* _Task item_:
Copy the data below exactly. Any pictures in it should be omitted.
++++++++++
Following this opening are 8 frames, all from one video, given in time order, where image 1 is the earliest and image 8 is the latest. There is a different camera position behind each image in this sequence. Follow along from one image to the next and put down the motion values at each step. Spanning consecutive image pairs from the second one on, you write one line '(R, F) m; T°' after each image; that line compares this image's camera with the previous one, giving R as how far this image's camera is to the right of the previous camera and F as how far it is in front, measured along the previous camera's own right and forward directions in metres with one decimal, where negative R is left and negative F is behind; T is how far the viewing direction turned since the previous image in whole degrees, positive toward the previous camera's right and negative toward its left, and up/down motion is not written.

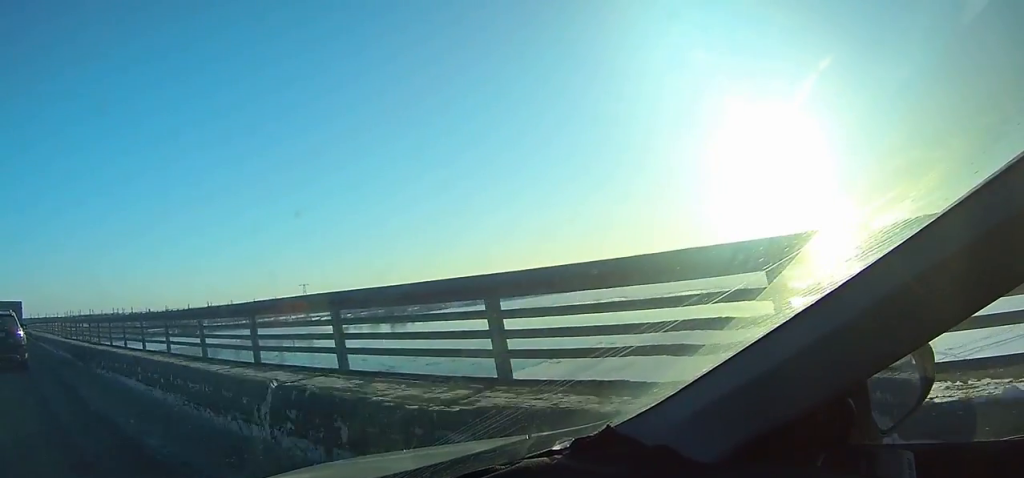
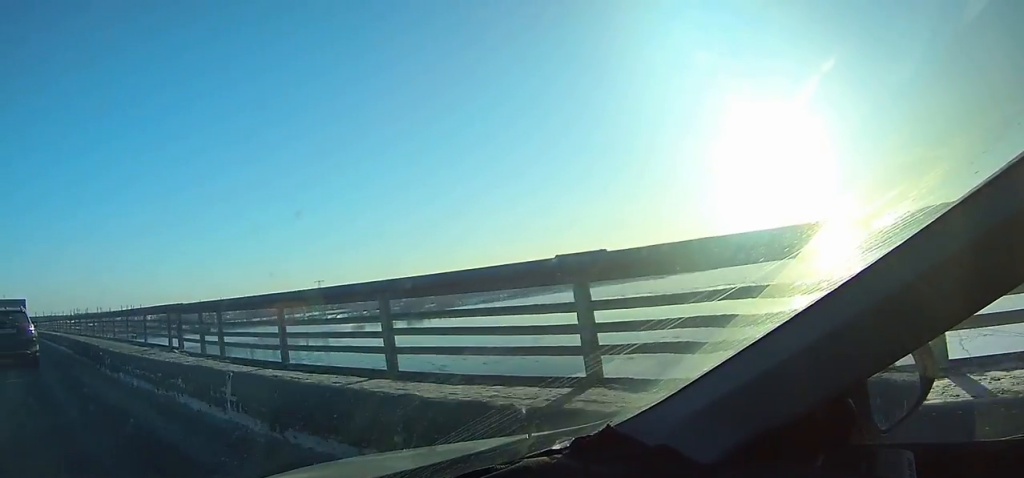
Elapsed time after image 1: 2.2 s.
(0.0, +31.3) m; 0°
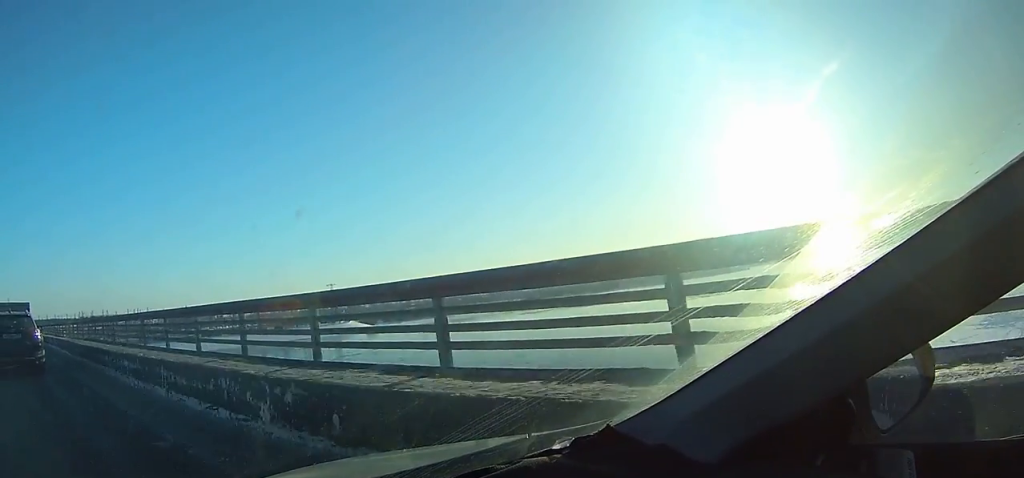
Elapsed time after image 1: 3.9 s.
(0.0, +24.7) m; 0°
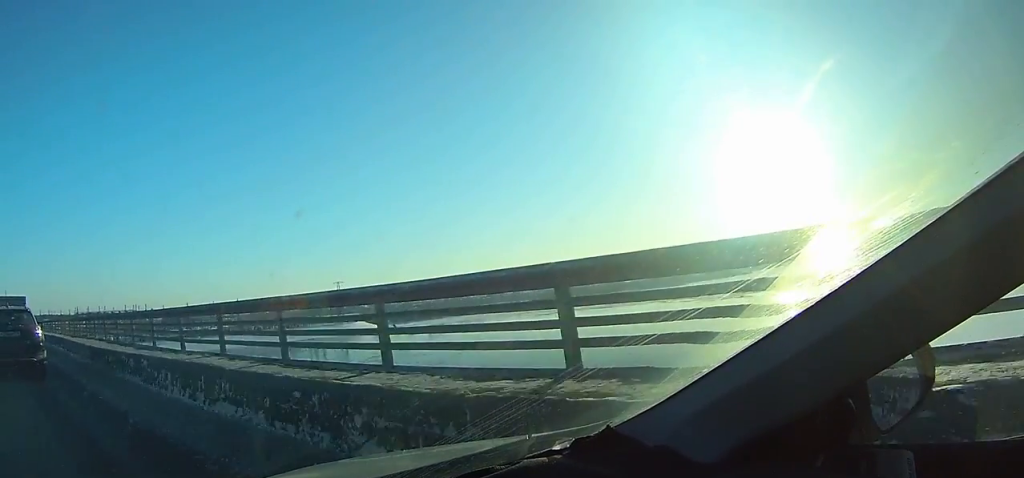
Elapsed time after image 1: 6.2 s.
(0.0, +33.5) m; 0°
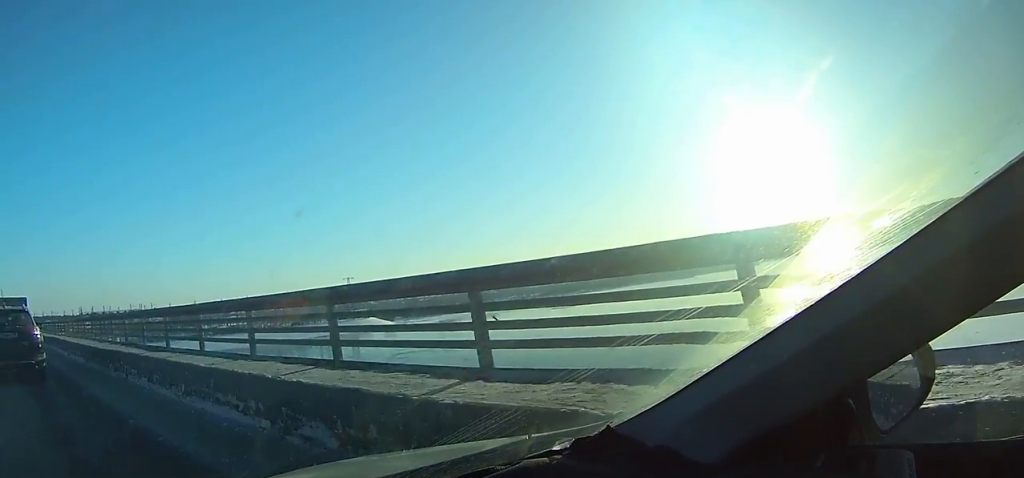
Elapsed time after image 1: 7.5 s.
++++++++++
* _Solution to this exercise_:
Following this opening are 8 frames, all from one video, given in time order, where image 1 is the earliest and image 8 is the latest. There is a different camera position behind each image in this sequence. Follow along from one image to the next and put down the motion values at each step. Spanning consecutive image pairs from the second one on, you write one line '(R, F) m; T°' after each image; that line compares this image's camera with the previous one, giving R as how far this image's camera is to the right of the previous camera and F as how far it is in front, measured along the previous camera's own right and forward directions in metres with one decimal, where negative R is left and negative F is behind; T is how far the viewing direction turned since the previous image in whole degrees, positive toward the previous camera's right and negative toward its left, and up/down motion is not written.

Elapsed time after image 1: 2.2 s.
(0.0, +31.3) m; 0°
Elapsed time after image 1: 3.9 s.
(0.0, +24.7) m; 0°
Elapsed time after image 1: 6.2 s.
(0.0, +33.5) m; 0°
Elapsed time after image 1: 7.5 s.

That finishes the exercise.